# Would my filly make a good barrel horse?



## kricket (Apr 1, 2015)

Right now she WAY to young but I want to see if I could make a good barrel horse out of her. Her dam is http://www.allbreedpedigree.com/jess+blackburn+echo Her sire is Scampers King, I don't know much of Scampers King pedigree but he is just a old time ranch horse that will run he is registered but I can never find him on all breed pedigree. Could tall help me?


----------



## beau159 (Oct 4, 2010)

kricket said:


> Right now she WAY to young but I want to see if I could make a good barrel horse out of her.


Based on the information you have given us (dam's pedigree only), it is really impossible to answer your question. 

I don't see anything fabulous on the mare's pedigree. 

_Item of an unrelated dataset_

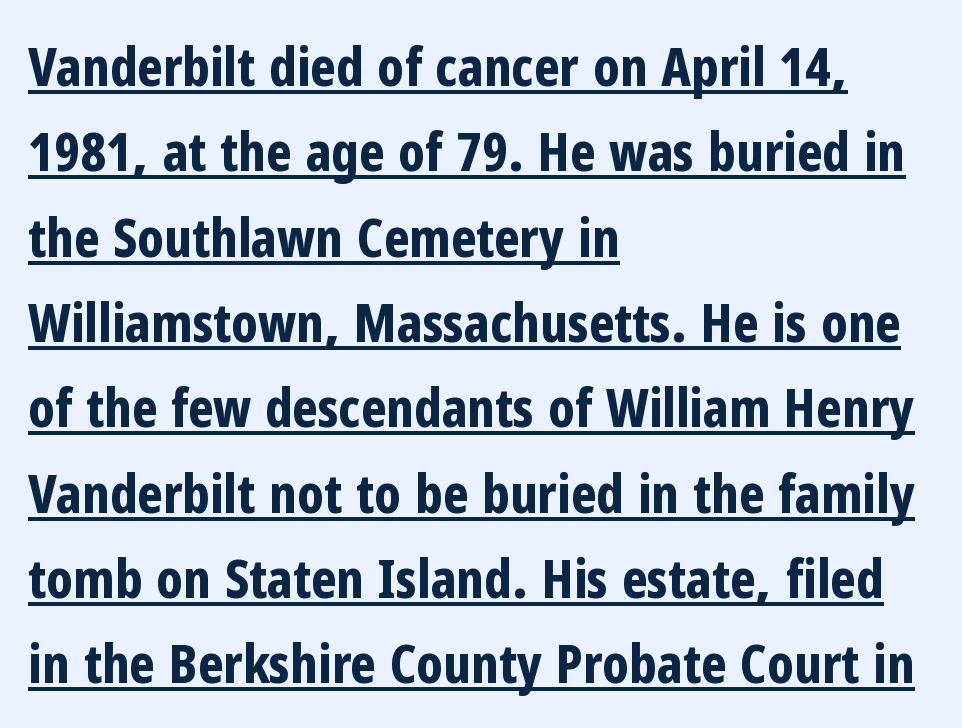
Italic: no, the glyphs are upright roman. Is there much room between lines? A standard amount, neither cramped nor airy. The letters sit at their default tracking, neither squeezed nor spread. A full-strength bold gives these letters their thick strokes. Is this a sans? Yes — the strokes have no serifs. Each line starts at the same left margin while the right side varies.
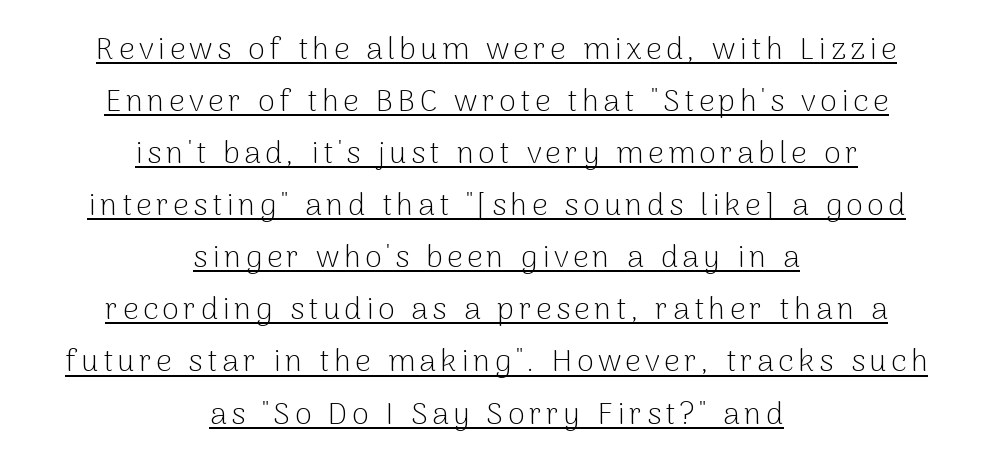
The image shows 31 px light sans-serif type, upright; set centered, normal line spacing (1.68x), underlined; low stroke contrast and a medium x-height.
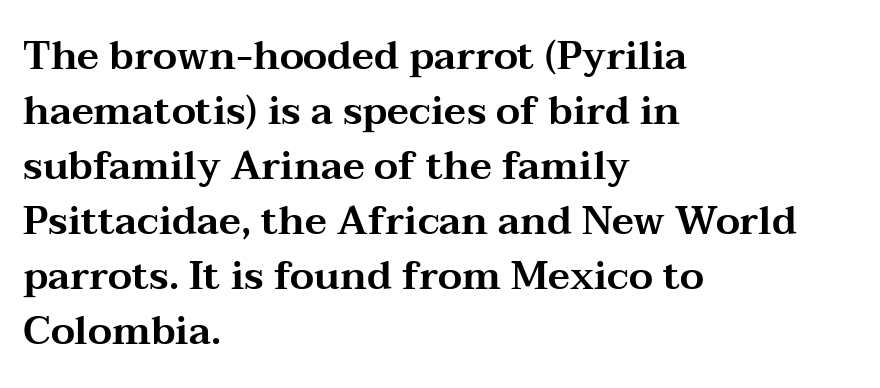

Allbreedpedigree is a public site. If there is a horse that is not listed, you have to add it yourself....provided you know the sire and dam of the horse in question. 

How old is your filly?
Do you have any pictures?

While pedigree can be important, it also depends on the athletic ability of the horse, and their HEART to compete in barrels.


----------



## kricket (Apr 1, 2015)

right now she is 3months on the 25 she will be 4 months. And she loves to run around full speed.


----------



## Roman (Jun 13, 2014)

We need a picture of her standing square and directly at her side.


----------



## kricket (Apr 1, 2015)




----------



## JCnGrace (Apr 28, 2013)

She's got the engine for it but it will be a while before you know if she has the heart for it.


----------



## Smilie (Oct 4, 2010)

I agree with Beau, who knows more about barrel racing then I do, except, I do know that many great barrel horses have running blood, and your horse, from info of dam, has working foundation blood
It also depends on level where you wish to compete, many horses not breed for a certain event, do great at the entry level, but if you wish to compete at upper end, then your chances are better, with a horse bred for the job, with proven blood up close
The Frenchmen horses, for instance, have proven themselves in the barrel racing industry. Your mare has blood proven in foundation bred working horses


----------